« Najat Vallaud-Belkacem, beaucoup de mensonges et peu de résultats »

Publié le 2 Septembre 2016

Annie Genevard
Annie Genevard

Annie Genevard, députée du Doubs, déléguée générale Les Républicains à l’Education et professeure de lettres classiques, réagit en ce jour de rentrée scolaire aux différentes déclarations de la ministre de l’Education nationale et fait le bilan du quinquennat Hollande.

Valeurs Actuelles. C’est la dernière rentrée du quinquennat Hollande. Quel bilan faites-vous de ces cinq années en matière d’éducation ?

Annie Genevard. Je fais un bilan très sévère de ces cinq années écoulées, sur un sujet, l’éducation, où le président de la République avait annoncé que c’était pourtant un des points majeurs de son programme. Il y a quatre ans, il était déjà à Orléans pour s’engager sur un vaste programme en matière de contrats entre l’Etat et l’école. On peut prendre les indicateurs les uns après les autres, tous sont mauvais. D’abord sur le plan politique : trois ministres en quatre ans, c’est un aveu d’échec. On ne conduit pas une bonne politique sans une certaine forme de constance.

Valeurs Actuelles. Comment jugez-vous l’action des différents ministres de l’Education ?

Annie Genevard. Il y a eu la période Vincent Peillon avec la loi de refondation de l’école qui a été un fiasco d’abord parce l’annonce des 60.000 postes dans l’Education nationale s’est faite sans contrepartie, sans rien changer au système. Il y a eu ensuite la calamité de la réforme des rythmes scolaires qui a été mauvaise pour tout le monde.

Valeurs Actuelles. Quel est votre avis, précisément sur la réforme des rythmes scolaires ?
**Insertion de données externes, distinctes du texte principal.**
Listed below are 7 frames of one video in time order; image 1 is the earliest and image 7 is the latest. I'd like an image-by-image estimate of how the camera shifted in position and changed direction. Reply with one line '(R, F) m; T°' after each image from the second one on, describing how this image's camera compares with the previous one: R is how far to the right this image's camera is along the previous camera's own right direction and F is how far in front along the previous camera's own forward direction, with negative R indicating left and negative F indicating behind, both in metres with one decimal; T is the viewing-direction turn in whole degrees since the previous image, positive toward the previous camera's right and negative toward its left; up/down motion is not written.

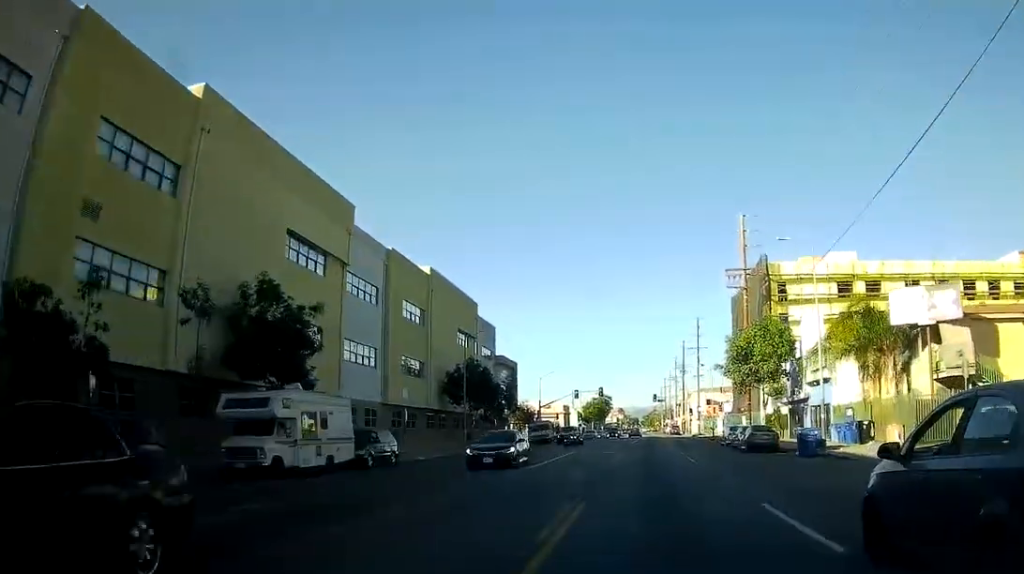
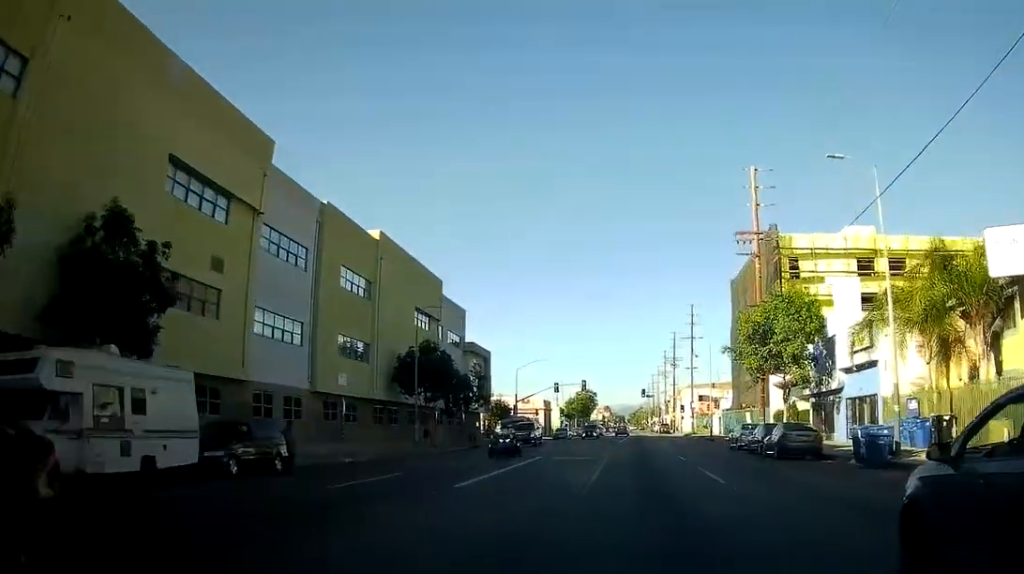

Annie Genevard. Il a y quelques point particulièrement graves dans la réforme des rythmes scolaires. Attention : il n’était pas mauvais en soi de réformer les rythmes scolaires. La semaine sur quatre jours posait un certain nombre de problèmes mais la méthode a été absolument catastrophique. Et les résultats sont là : cela coûte très cher aux communes, c’est ruineux pour les collectivités alors qu’elles sont déjà dans des situations budgétaires épouvantables. Pour les enfants aussi, le bénéfice reste à démontrer. Cette réforme a été très mauvaise.

Mais d’autres réformes, que l’on peut aussi imputer à Najat Vallaud-Belkacem, et qui d’une certaine façon est plus grave encore, c’est la réforme du collège.

Valeurs Actuelles. Là encore, vous trouvez cette réforme néfaste ?

Annie Genevard. C’est une réforme très grave. Mais je veux faire ici une observation : que ce soit pour les rythmes scolaires ou pour le collège, ces deux réformes ce sont décidées par décret. Sur le plan démocratique, c’est fort discutable. La réforme du collège est mauvaise car elle touche à ce qui marche : les sections européennes, les classes bilangues, les langues anciennes…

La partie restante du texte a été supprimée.